On constate du reste
que ce résultat est même légèrement accentué si, par surcroît, la lecture du
cahier des charges est faite de façon conforme à l'esprit et au texte des
articles 13 al. 3 lit. j, 14 al. 1 lit. h et 38 al. 2 RMP, soit en admettant
que les cinq critères d'adjudication figuraient dans le cahier des charges par
ordre décroissant. Avec une note 4 pour le coût forfaitaire, le groupement
recourant, qui se verrait gratifier de 16 points, dépasserait alors de 3 points
l'entreprise adjudicataire (soit 77 points contre 74; v. à cet égard pièce 45
de la Commune de Montreux, moyennant la correction suggérée ici).
bb) A l'inverse, si
l'on considère la solution consistant à rénover les façades CROCS du bâtiment
existant comme une variante de l'offre de base, suivant en cela l'opinion émise
par les représentants du groupement d'évaluation, la décision demeure entachée
du même vice. On devrait alors retenir que, dans le cas d'espèce, la solution
consistant à remplacer lesdites façades a bien été traitée en tant qu'offre de
base du groupement recourant; elle a reçu une note pour chacun des cinq
critères d'adjudication, dont la note 2 pour le critère n° 2. En revanche,
force serait alors de constater que la variante "rénovation", dont on
a vu plus haut qu'elle était admissible au regard du cahier des charges, n'a,
quant à elle, pas été évaluée au regard de l'ensemble des critères.
4.
Pour ce seul motif, la
décision attaquée souffre donc d'un vice de procédure justifiant son
annulation; il est donc inutile d'examiner les autres griefs soulevés par le
groupement recourant en relation avec l'abus, par l'autorité intimée, de la
liberté d'appréciation qui lui est reconnue dans le cadre de l'adjudication du
marché.
a) Il résulte des
considérations qui précèdent que le recours doit être admis partiellement, la
décision d'adjudication litigieuse étant annulée. Il n'y a en revanche pas lieu
d'accueillir ici la conclusion du groupement recourant, lequel a prié le
tribunal de réformer la décision attaquée en ce sens que le marché concerné lui
soit adjugé; l'offre de base du groupement recourant n'ayant pas été notée
durant la phase d'adjudication (cf. considérant 3c/aa, supra), il n'a, en
l'état de la procédure, pas été démontré que celle-ci était la plus avantageuse
d'un point de vue économique.
La cause sera renvoyée
à la municipalité pour nouvelle décision; celle-ci aura la faculté de reprendre
la procédure ab ovo ou de la poursuivre en limitant celle-ci aux deux
concurrents ici en lice, pour autant qu'elle arrête à nouveau, puis leur
annonce les critères d'adjudication, avant d'inviter l'une et l'autre à
présenter une nouvelle offre complétée.

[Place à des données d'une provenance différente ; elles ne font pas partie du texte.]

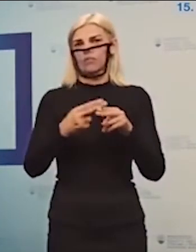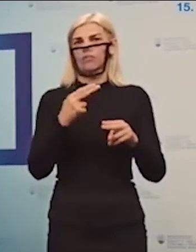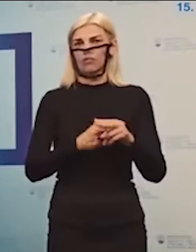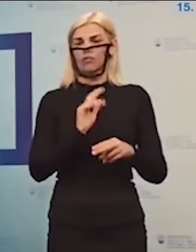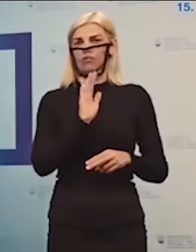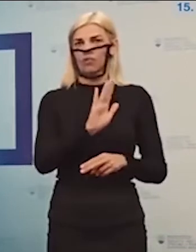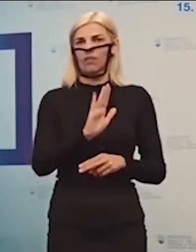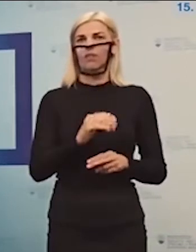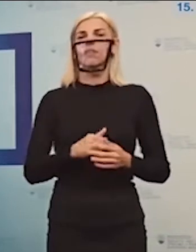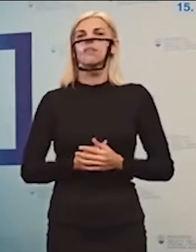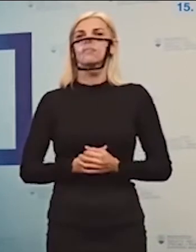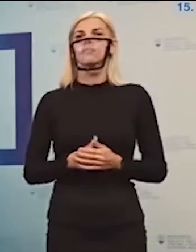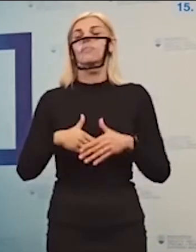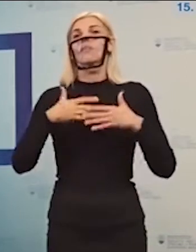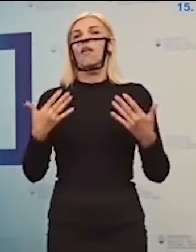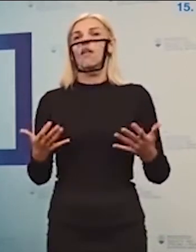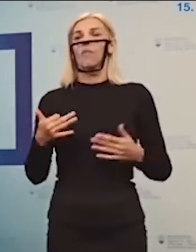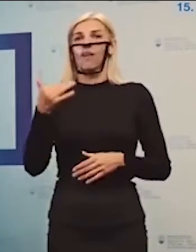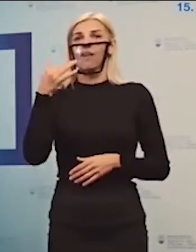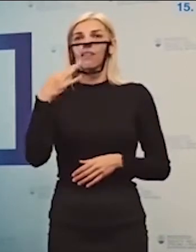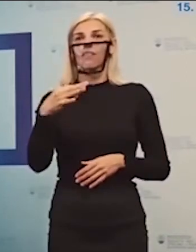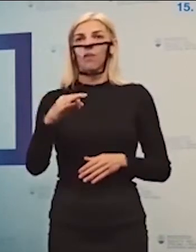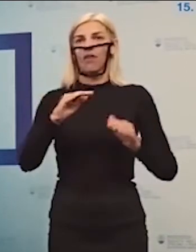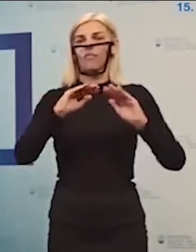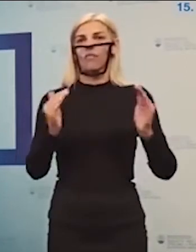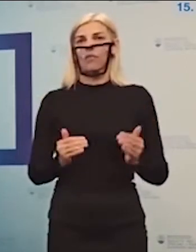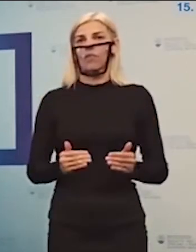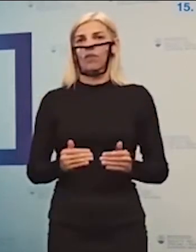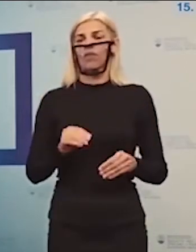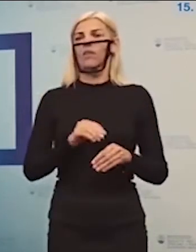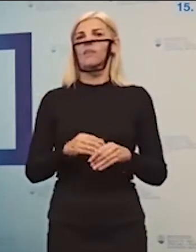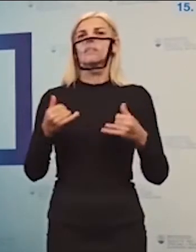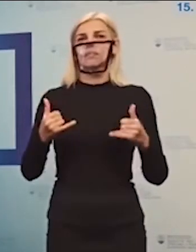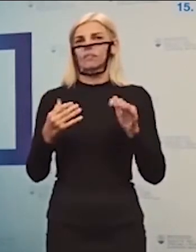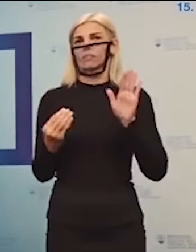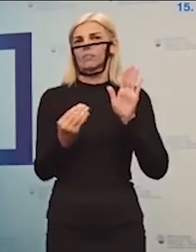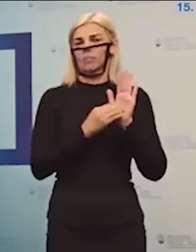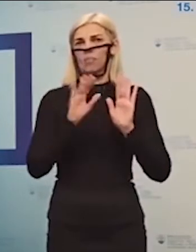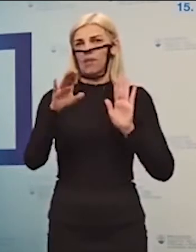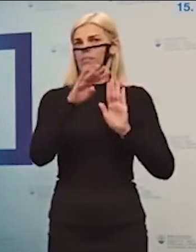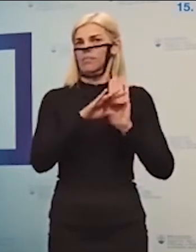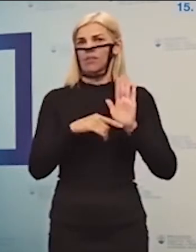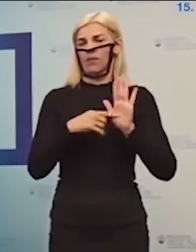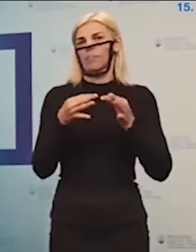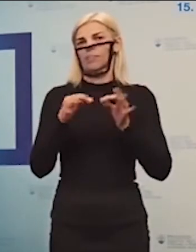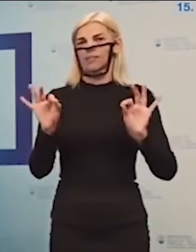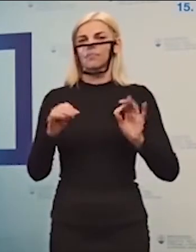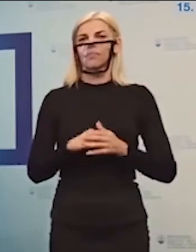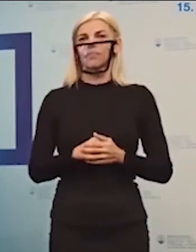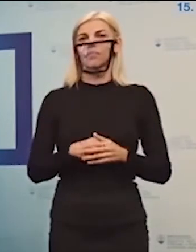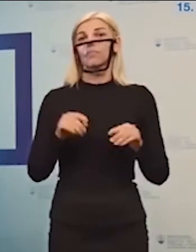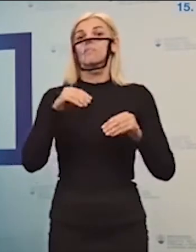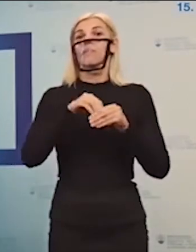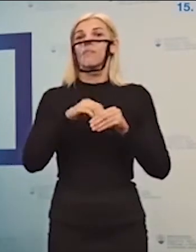školských zariadení, alebo v individuálnej forme, čo je už teraz ustanovené zákonom, a budú ich môcť doma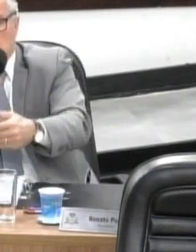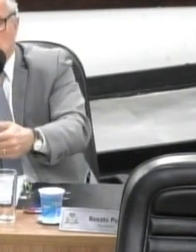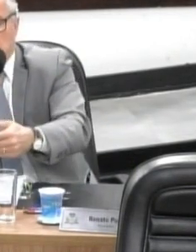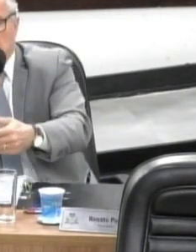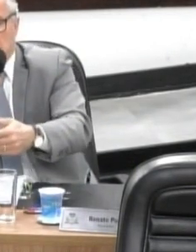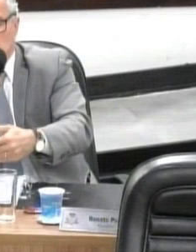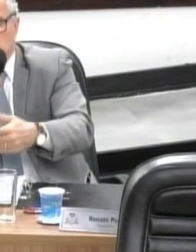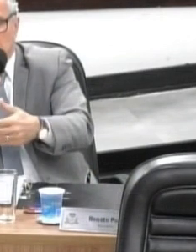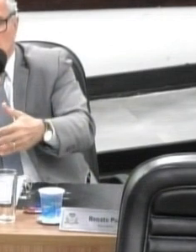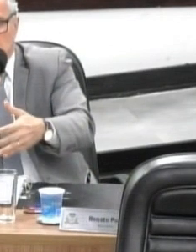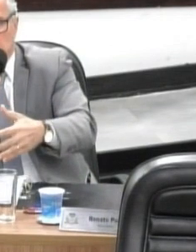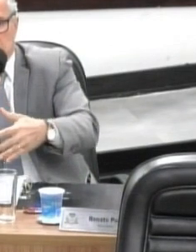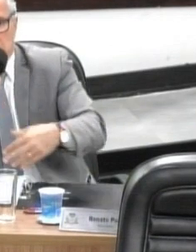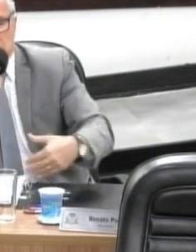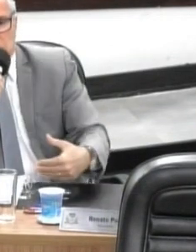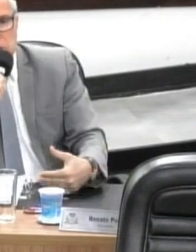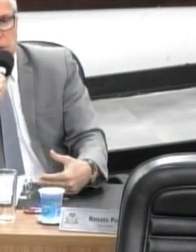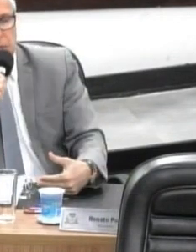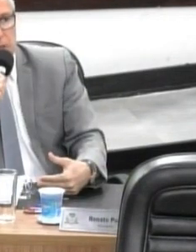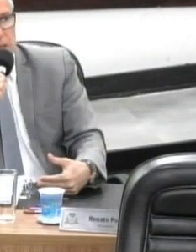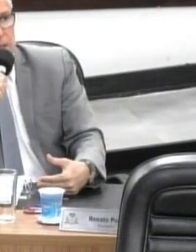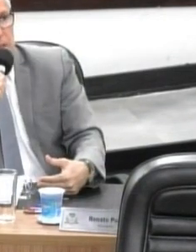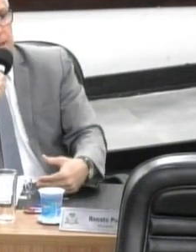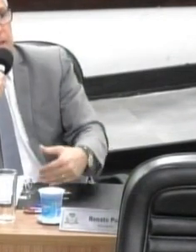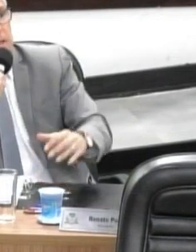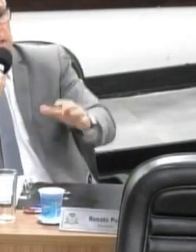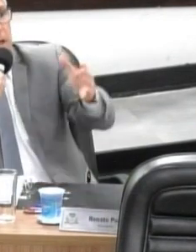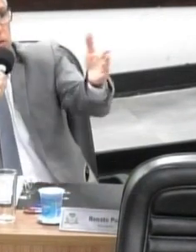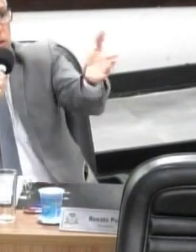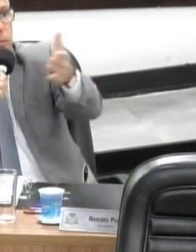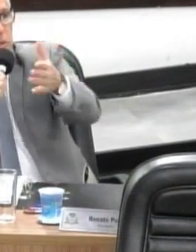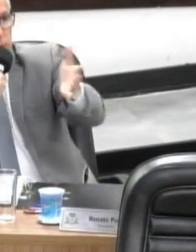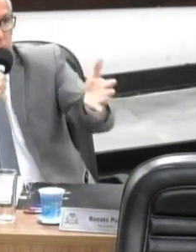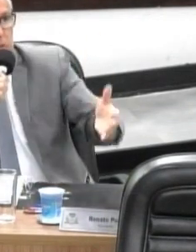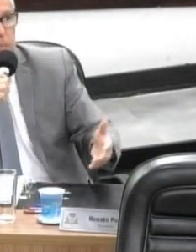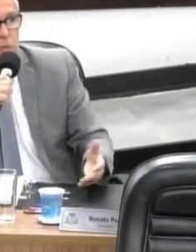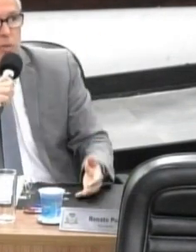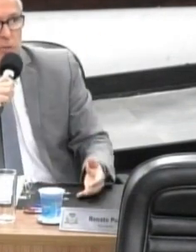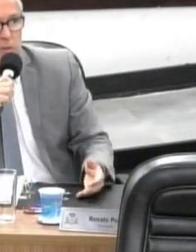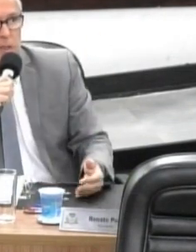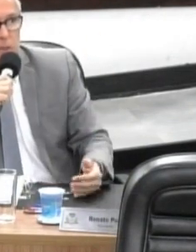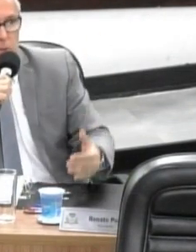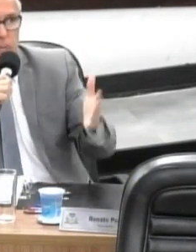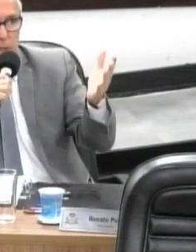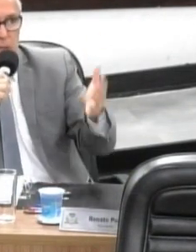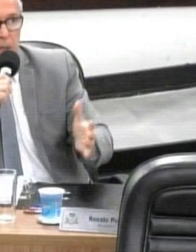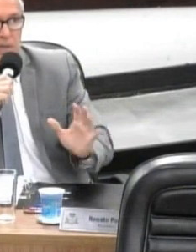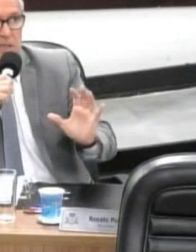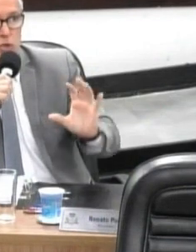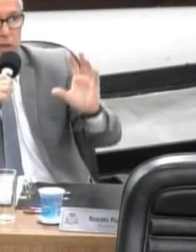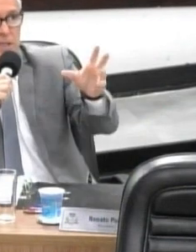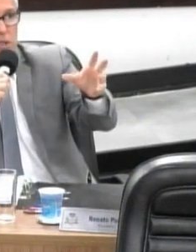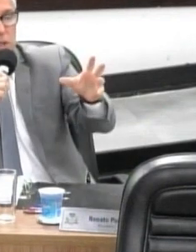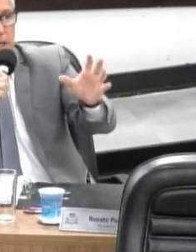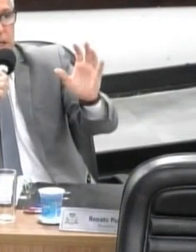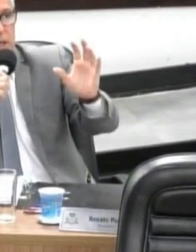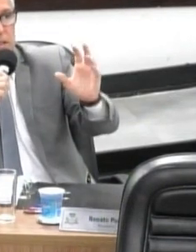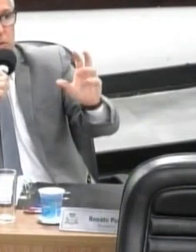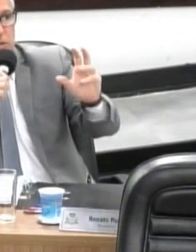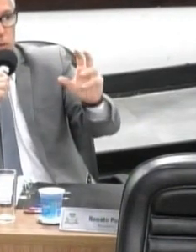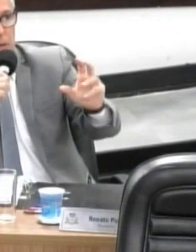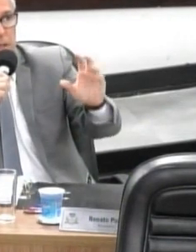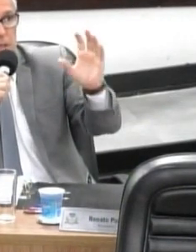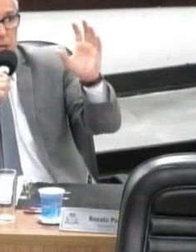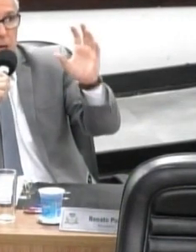estão convidados para hoje, após a sessão, a gente define a data. E aí o senhor pode fazer essa pergunta para o secretário também. Mas eu só quis adiantar, em

Le Tribunal administratif confirme ici
la solution qu'il avait par ailleurs adoptée dans l'arrêt GE 00/091, déjà cité
(v. dans ce sens, JAAC 62.80, décision de la Commission fédérale de recours en
matière de marchés publics du 28 avril 1998, cons. 3c; contra toutefois,
Vincent Carron et Jacques Fournier, La protection juridique dans la passation
des marchés publics, Fribourg 2001, p. 127 et ss, not. 129; v. en outre sur ce
point, Evelyne Clerc, L'ouverture des marchés publics: Effectivité et
protection juridique, thèse Fribourg 1997, p. 556).
b) La Commune de
Montreux succombant, il se justifie de mettre l'émolument d'arrêt à sa charge,
ce en application de l'art. 55 al. 2 LJPA. En outre, des dépens, également mis
à charge de cette dernière, seront alloués au groupement recourant, dans la
mesure où ce dernier a plaidé avec succès avec l'assistance d'un conseil; en
revanche, ni la municipalité, ni l'entreprise adjudicataire n'ont droit à des
dépens.
Dispositif
Par ces motifs
le Tribunal administratif
arrête:
I. Le recours est
admis.
II. La décision du
8 mars 2002 de la Municipalité de Montreux adjugeant les travaux liés à
l'extension du collège Rambert et à la rénovation des façades existantes à
Y.________ SA, est annulée, la cause lui étant renvoyée pour nouvelle décision
dans le sens des considérants.
III. L'émolument
d'arrêt, fixé à 5'000 (cinq mille) francs, est mis à la charge de la Commune de
Montreux.
IV. Il est alloué
au Groupement X.________, solidairement entre elles, des dépens, arrêtés à
4'000 (quatre mille) francs, à charge de la Commune de Montreux.
Lausanne, le 9 juillet 2002
Le président: Le
greffier:
Le présent arrêt est communiqué aux
destinataires de l'avis d'envoi ci-joint.